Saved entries
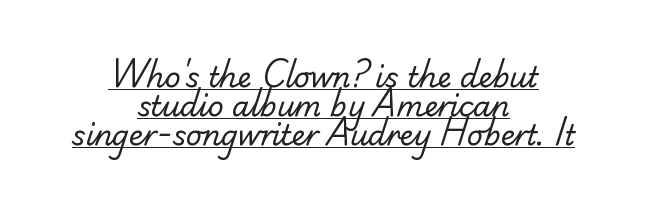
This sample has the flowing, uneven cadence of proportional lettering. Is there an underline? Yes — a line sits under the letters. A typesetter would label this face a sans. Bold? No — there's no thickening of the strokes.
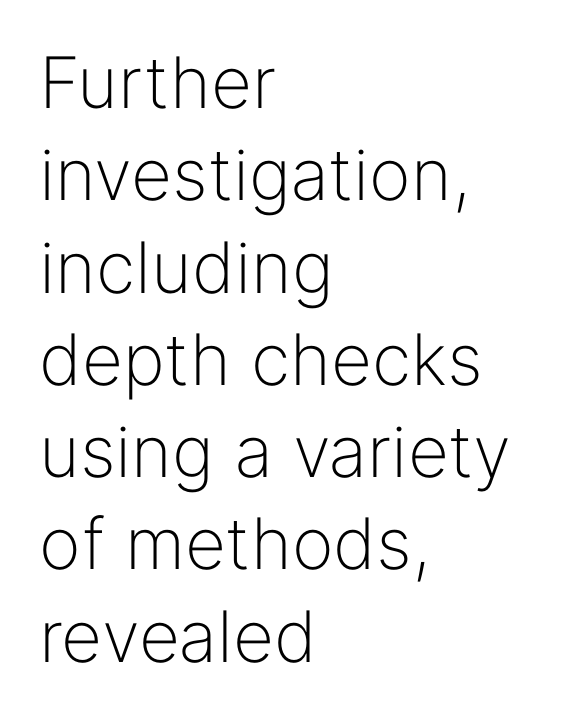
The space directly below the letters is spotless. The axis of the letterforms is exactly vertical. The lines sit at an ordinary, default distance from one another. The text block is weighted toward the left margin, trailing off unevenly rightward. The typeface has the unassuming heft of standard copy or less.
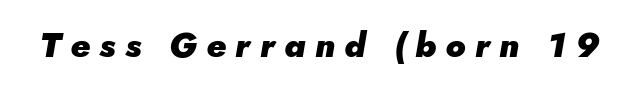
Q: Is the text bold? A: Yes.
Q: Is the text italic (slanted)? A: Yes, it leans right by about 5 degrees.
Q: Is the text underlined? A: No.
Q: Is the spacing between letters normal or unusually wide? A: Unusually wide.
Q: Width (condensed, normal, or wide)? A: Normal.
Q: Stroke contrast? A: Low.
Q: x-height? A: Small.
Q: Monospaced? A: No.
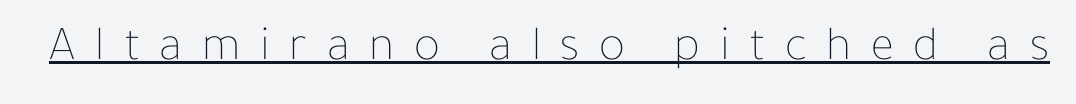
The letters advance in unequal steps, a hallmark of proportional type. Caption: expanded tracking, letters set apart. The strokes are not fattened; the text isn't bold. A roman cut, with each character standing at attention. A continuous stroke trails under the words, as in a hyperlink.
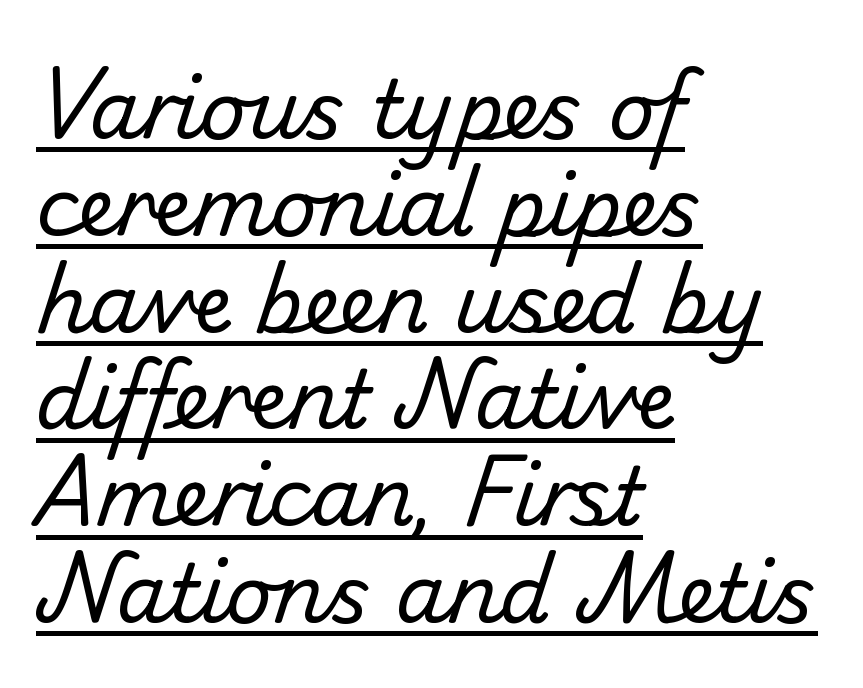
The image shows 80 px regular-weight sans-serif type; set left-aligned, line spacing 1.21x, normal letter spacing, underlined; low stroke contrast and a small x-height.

- AIM OF THE EXERCISE -
Set down exactly the lines above, from the line containing "Q: Width (condensed, normal, or" through the line containing "The letters advance". Skip the pictures.

- RESPONSE TO THE TASK -
Q: Width (condensed, normal, or wide)? A: Normal.
Q: Stroke contrast? A: Low.
Q: x-height? A: Small.
Q: Monospaced? A: No.
The letters advance in unequal steps, a hallmark of proportional type. Caption: expanded tracking, letters set apart. The strokes are not fattened; the text isn't bold. A roman cut, with each character standing at attention. A continuous stroke trails under the words, as in a hyperlink.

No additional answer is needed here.